IMCD (IMCD) Q2 2025 earnings summary
Event summary combining transcript, slides, and related documents.
Q2 2025 earnings summary
16 Nov, 2025Executive summary
Revenue increased 4% year-over-year to €2,474 million, with gross profit up 5% to €634 million on a constant currency basis; EBITA rose 2% to €275 million, but net result declined 8% to €130 million.
Six acquisitions were completed or announced, expanding presence across all regions and adding approximately €200 million in annualized revenue and 120 FTEs.
Free cash flow fell 22% to €173 million, mainly due to higher working capital investments and acquisitions; cash earnings per share dropped 9% to €2.94.

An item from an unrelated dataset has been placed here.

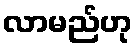
လာမည်ဟု
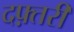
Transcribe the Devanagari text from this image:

Strategic focus remains on digitalization, supply chain, sustainability, and specialty portfolio, with new leadership in EMEA and industrial business; achieved EcoVadis platinum rating.
Financial highlights
Gross profit margin improved to 25.6% (+0.2pp year-over-year), driven by product mix, acquisitions, and internal improvements.
Operating EBITA margin slightly decreased to 11.1% (from 11.3%); conversion margin fell to 43.4% (-1.1pp), and cash conversion margin dropped to 61.4% from 79.8%.
Net debt increased to €1,543 million, with a leverage ratio of 2.6x EBITDA, well below covenant limits.
Free cash flow was €173 million, down €48 million year-over-year, mainly due to higher working capital investment.
Equity as a percentage of capital employed fell to 56% from 63% at year-end 2024.
Outlook and guidance
Management remains cautious due to ongoing macroeconomic and political uncertainty, tariff impacts, and FX volatility; demand remains difficult to predict.
Focus remains on earnings growth, service optimization, and global expansion through organic growth and acquisitions.
Confidence in resilient, asset-light business model and infrastructure to sustain growth trajectory.